→ **Input data**
*** Begin section ***
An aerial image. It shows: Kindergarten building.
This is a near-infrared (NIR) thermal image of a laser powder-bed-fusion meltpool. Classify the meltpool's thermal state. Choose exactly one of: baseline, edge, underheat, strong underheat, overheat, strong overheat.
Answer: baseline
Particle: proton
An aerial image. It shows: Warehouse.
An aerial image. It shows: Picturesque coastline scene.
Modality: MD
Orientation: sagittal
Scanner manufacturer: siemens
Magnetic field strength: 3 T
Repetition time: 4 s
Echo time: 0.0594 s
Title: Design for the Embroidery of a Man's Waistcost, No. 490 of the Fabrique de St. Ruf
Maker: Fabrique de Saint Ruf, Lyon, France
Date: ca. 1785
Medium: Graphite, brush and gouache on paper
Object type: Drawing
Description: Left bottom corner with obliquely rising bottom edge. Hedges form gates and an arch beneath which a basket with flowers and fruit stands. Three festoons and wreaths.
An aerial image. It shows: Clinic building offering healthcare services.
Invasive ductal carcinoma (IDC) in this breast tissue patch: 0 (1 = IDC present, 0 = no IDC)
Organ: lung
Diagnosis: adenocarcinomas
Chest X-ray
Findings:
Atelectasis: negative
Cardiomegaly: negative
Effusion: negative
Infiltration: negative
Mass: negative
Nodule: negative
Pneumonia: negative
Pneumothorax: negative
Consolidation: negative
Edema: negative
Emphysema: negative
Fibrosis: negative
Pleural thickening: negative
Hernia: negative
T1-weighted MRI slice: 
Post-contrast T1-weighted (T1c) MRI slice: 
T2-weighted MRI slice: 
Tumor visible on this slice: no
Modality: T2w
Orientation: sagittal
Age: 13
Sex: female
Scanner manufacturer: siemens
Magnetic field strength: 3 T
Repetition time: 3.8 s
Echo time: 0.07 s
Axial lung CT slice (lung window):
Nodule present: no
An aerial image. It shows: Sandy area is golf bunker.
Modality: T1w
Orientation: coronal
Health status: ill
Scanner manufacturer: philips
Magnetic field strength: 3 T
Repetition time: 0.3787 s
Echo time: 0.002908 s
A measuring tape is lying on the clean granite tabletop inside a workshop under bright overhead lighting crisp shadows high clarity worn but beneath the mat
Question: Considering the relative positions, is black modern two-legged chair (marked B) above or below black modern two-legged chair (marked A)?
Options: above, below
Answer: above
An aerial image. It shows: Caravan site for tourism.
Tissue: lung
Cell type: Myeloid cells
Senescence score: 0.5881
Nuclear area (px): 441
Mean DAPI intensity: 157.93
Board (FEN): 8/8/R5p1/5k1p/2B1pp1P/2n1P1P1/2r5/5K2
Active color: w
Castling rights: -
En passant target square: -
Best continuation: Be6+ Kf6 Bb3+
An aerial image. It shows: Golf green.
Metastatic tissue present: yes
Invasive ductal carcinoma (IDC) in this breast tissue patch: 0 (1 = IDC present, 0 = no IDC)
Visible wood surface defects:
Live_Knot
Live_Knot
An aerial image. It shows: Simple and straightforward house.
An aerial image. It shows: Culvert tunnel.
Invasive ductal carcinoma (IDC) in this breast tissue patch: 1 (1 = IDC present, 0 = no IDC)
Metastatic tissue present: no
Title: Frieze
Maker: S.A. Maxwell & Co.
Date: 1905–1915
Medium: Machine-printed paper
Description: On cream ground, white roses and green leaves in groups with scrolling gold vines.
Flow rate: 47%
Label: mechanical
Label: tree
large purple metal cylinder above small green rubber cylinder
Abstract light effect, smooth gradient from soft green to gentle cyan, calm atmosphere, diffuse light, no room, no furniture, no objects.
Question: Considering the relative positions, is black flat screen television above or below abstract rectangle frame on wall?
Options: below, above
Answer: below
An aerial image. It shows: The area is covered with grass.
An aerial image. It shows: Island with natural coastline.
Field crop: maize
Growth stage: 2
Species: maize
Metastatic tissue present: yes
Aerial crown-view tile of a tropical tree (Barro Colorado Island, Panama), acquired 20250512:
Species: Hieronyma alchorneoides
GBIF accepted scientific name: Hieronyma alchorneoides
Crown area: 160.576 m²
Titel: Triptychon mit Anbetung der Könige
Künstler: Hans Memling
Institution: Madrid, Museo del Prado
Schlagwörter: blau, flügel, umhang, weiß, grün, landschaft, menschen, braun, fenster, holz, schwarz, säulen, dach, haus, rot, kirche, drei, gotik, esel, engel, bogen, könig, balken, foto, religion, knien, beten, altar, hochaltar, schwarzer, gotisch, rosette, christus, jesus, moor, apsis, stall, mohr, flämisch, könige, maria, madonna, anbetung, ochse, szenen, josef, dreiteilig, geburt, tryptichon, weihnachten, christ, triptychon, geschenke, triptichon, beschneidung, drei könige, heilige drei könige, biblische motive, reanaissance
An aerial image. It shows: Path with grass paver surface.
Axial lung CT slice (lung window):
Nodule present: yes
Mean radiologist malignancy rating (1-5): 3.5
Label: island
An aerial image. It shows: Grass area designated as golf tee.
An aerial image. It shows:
*** End section ***
→ **Description of the task**
Take the lines above from the one containing "Question: Considering the relative positions, is black flat" to the one containing "An aerial image. It shows: The" and retype them exactly, both ends included, with nothing added.

→ **Solution to this exercise**
Question: Considering the relative positions, is black flat screen television above or below abstract rectangle frame on wall?
Options: below, above
Answer: below
An aerial image. It shows: The area is covered with grass.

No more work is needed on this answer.